The agreement on power-sharing, the sharing of resources and security arrangements was signed by Mustafa Osman Ismail, Khartoum's negotiator, and Mussa Mohammed Ahmed, chief of the Eastern Front.
The signing took place at the presidential palace in the Eritrean capital of Asmara in the presence of President Issaias Afeworki.
A ceremony organized to mark the signing began at about 5:30 pm (1430 GMT), an hour later than scheduled. After introductory speeches, the parties adjourned temporarily for iftar, the breaking of the Ramadan daily fast.
During the ceremony, Sudanese President Omar al-Beshir called the peace deal an example of "Africans solving an African problem without foreign help."

©AFP/File - Isam El-Haj
That was a preamble to his reiteration that Sudan rejects a United Nations proposal to send a peacekeeping force to the still war-torn western region of Darfur.
Ahmed called the accord historic, saying it "definitively turns the page on conflict and opens the way to development."
The deal would be the third peace agreement signed by Khartoum with rebel groups in various parts of the largest nation in Africa in less than two years.
An agreement between Khartoum and the main rebel faction in Darfur was signed in May this year but has failed to take hold.
A landmark peace deal was also signed between Khartoum and southern rebels in January 2005, bringing an end to more than two decades of fighting -- the longest civil war in Africa.
The former rebel Sudan People's Liberation Movement is now in a national unity government with Beshir's National Congress, but relations have often been strained.

©AFP/File - Thomas Goisque
Beshir was to meet Eritrean President Issaias Afeworki on the sidelines of the ceremony, the Sudanese state news agency SUNA reported.
Egyptian Foreign Minister Ahmed Abul Gheit and Arab League Secretary General Amr Mussa are among the foreign officials who attended the signing, which comes amid mounting pressure on Khartoum over Darfur.
The latest round of negotiations between the Sudanese government and the Eastern Front resumed after a ceasefire agreement was reached on June 19.
The Eastern Front was created last year by the region's largest ethnic group, the Beja, and the Rashidiya Arabs.
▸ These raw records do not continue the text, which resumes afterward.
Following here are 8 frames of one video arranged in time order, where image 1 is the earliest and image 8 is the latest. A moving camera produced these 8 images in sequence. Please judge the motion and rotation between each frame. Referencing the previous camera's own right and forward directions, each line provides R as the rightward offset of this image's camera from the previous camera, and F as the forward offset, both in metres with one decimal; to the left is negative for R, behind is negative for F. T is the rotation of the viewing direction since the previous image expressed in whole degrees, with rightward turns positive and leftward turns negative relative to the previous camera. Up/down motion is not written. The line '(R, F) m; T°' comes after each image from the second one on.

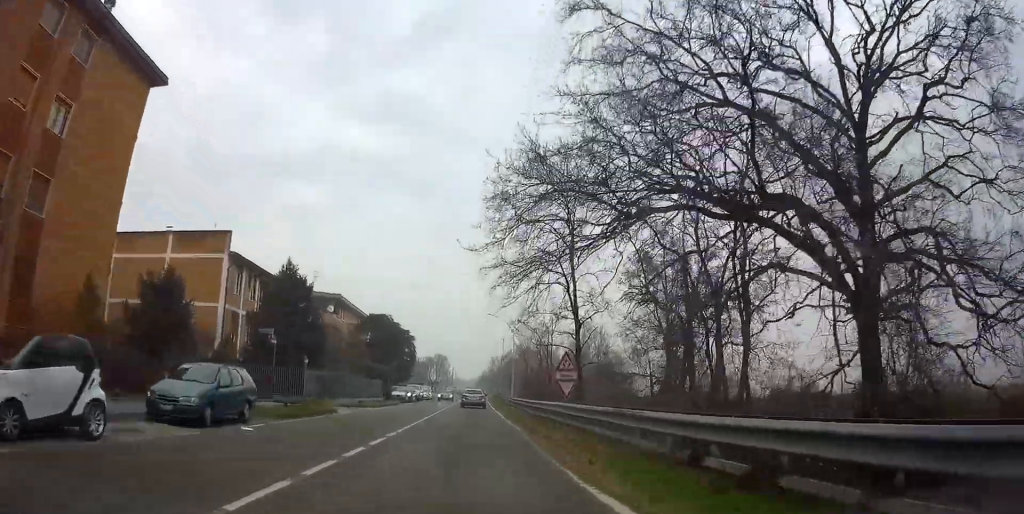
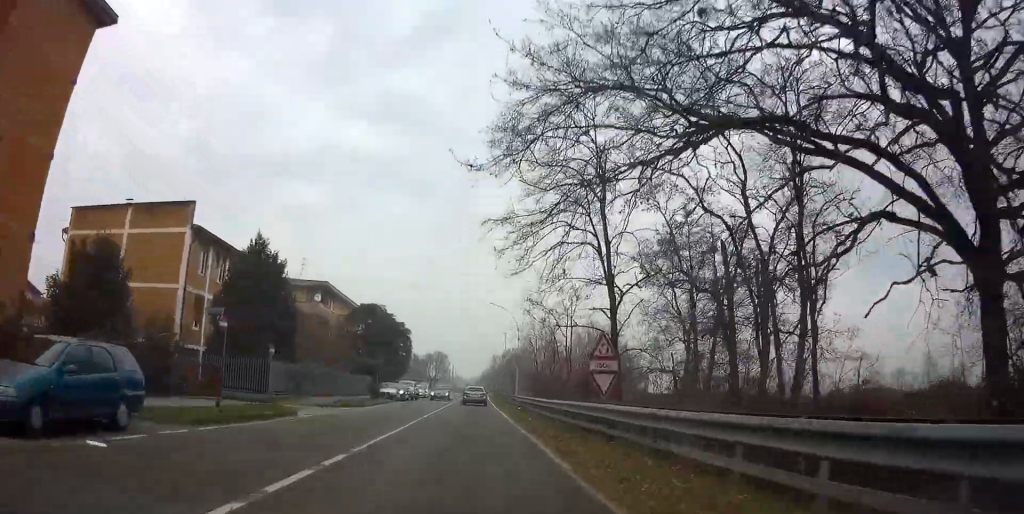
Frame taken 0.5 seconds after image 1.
(0.0, +6.1) m; 0°
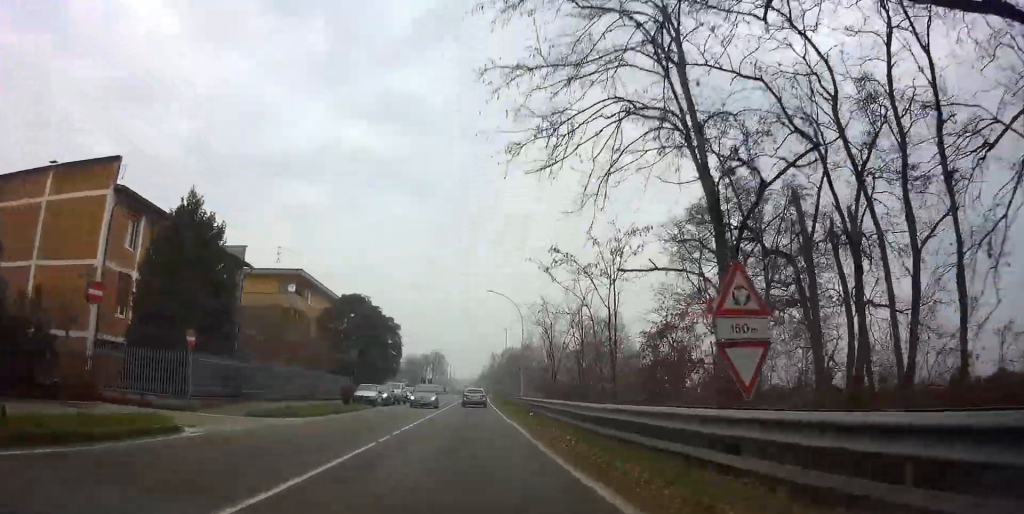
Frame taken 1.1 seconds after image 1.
(0.0, +8.4) m; 0°
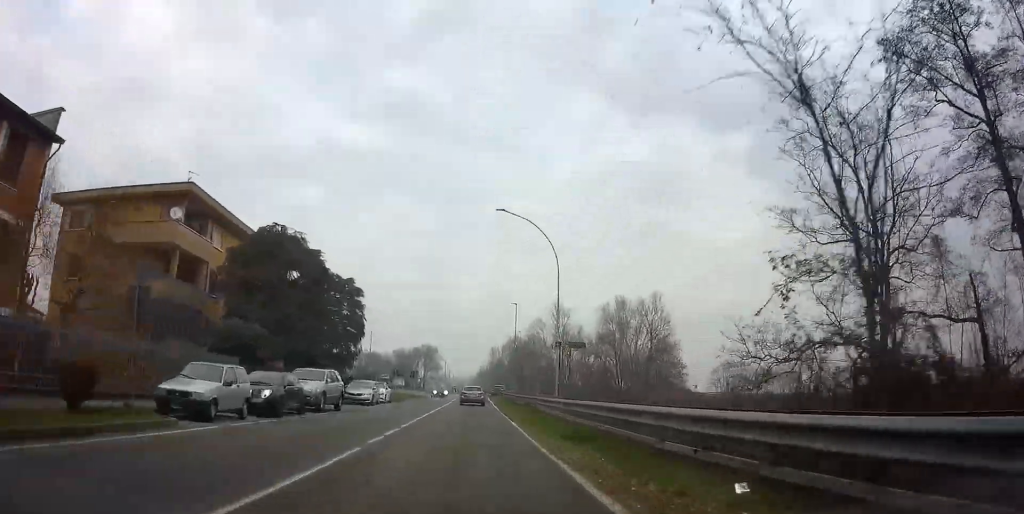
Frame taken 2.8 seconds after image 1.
(+0.2, +22.6) m; +1°
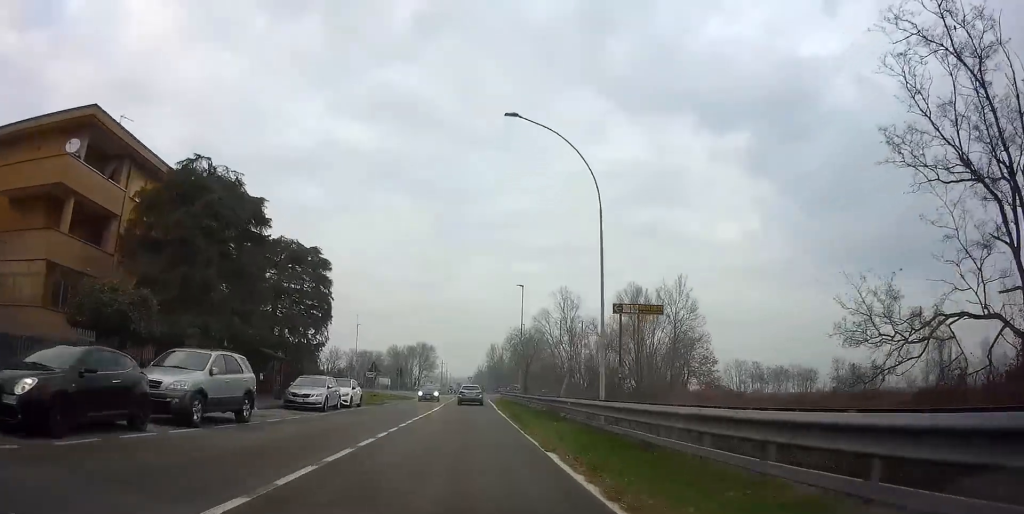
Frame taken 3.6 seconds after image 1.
(-0.1, +10.4) m; 0°
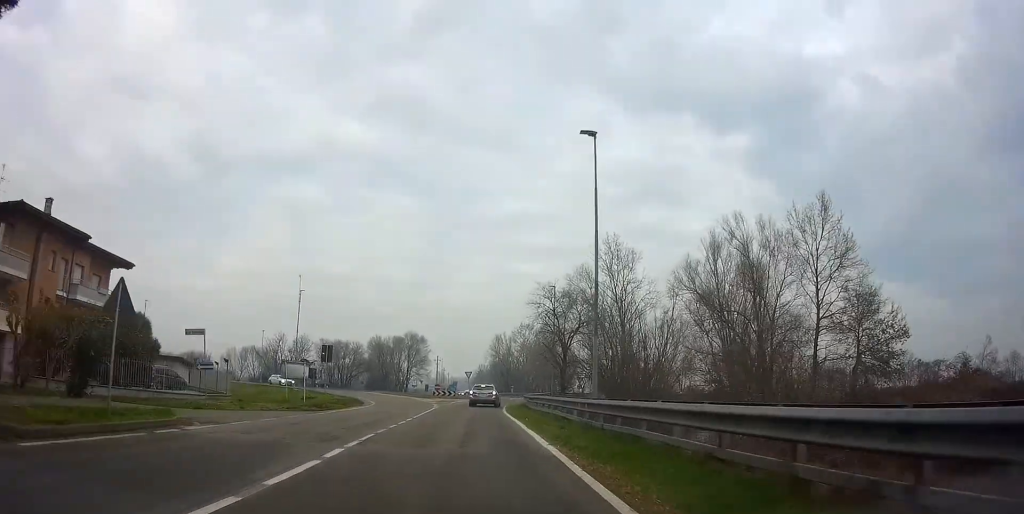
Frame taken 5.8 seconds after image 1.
(0.0, +31.2) m; 0°
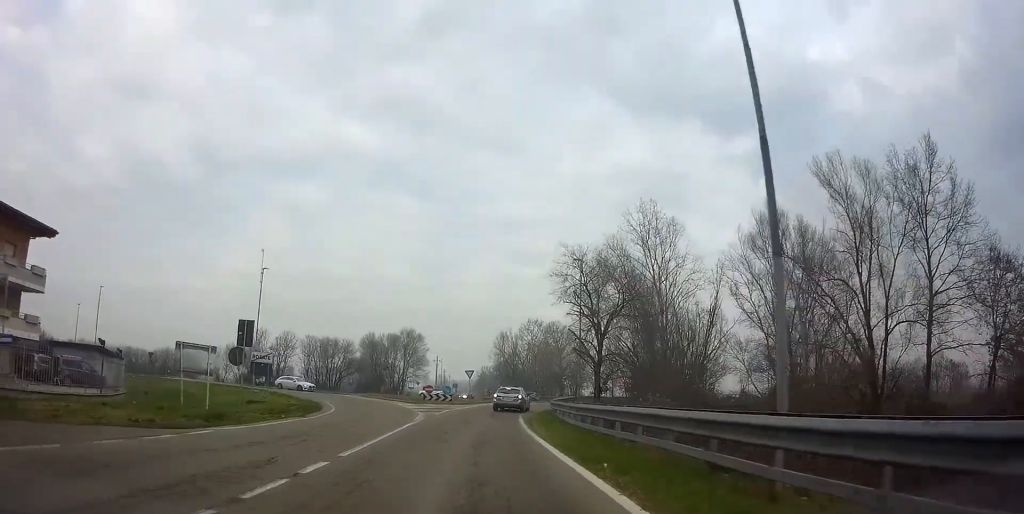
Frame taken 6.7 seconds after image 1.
(0.0, +12.0) m; 0°
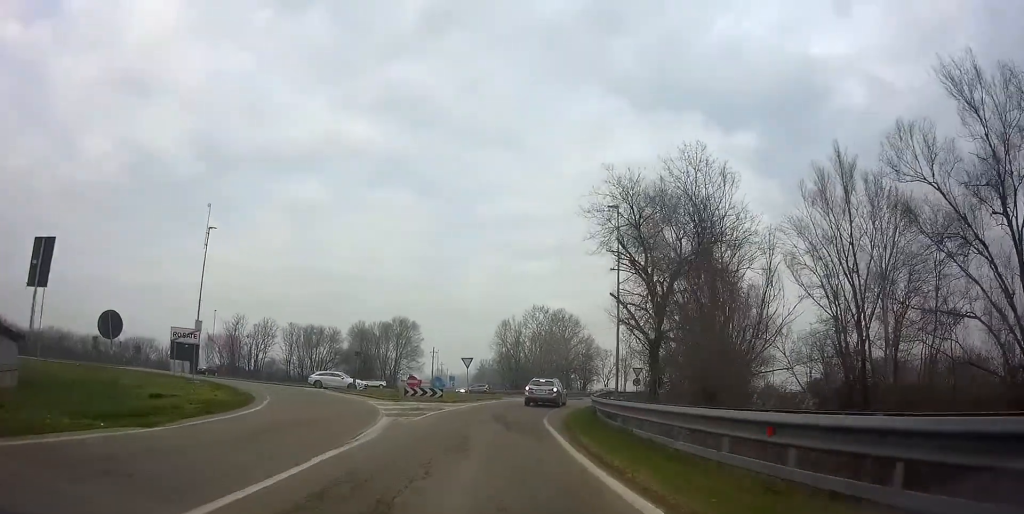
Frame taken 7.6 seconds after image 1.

The grouping has similar aims to its better-known counterparts in Darfur -- greater autonomy and control of resources.
Its members have waged a low-level insurgency, and Sudan says the push to defuse the eastern crisis is part of efforts to pacify the whole country by building on peace pacts reached with other rebels.
Sudan's vast eastern provinces include porous and volatile borders with Eritrea and Ethiopia and command access to the Red Sea, the key to the country's economy.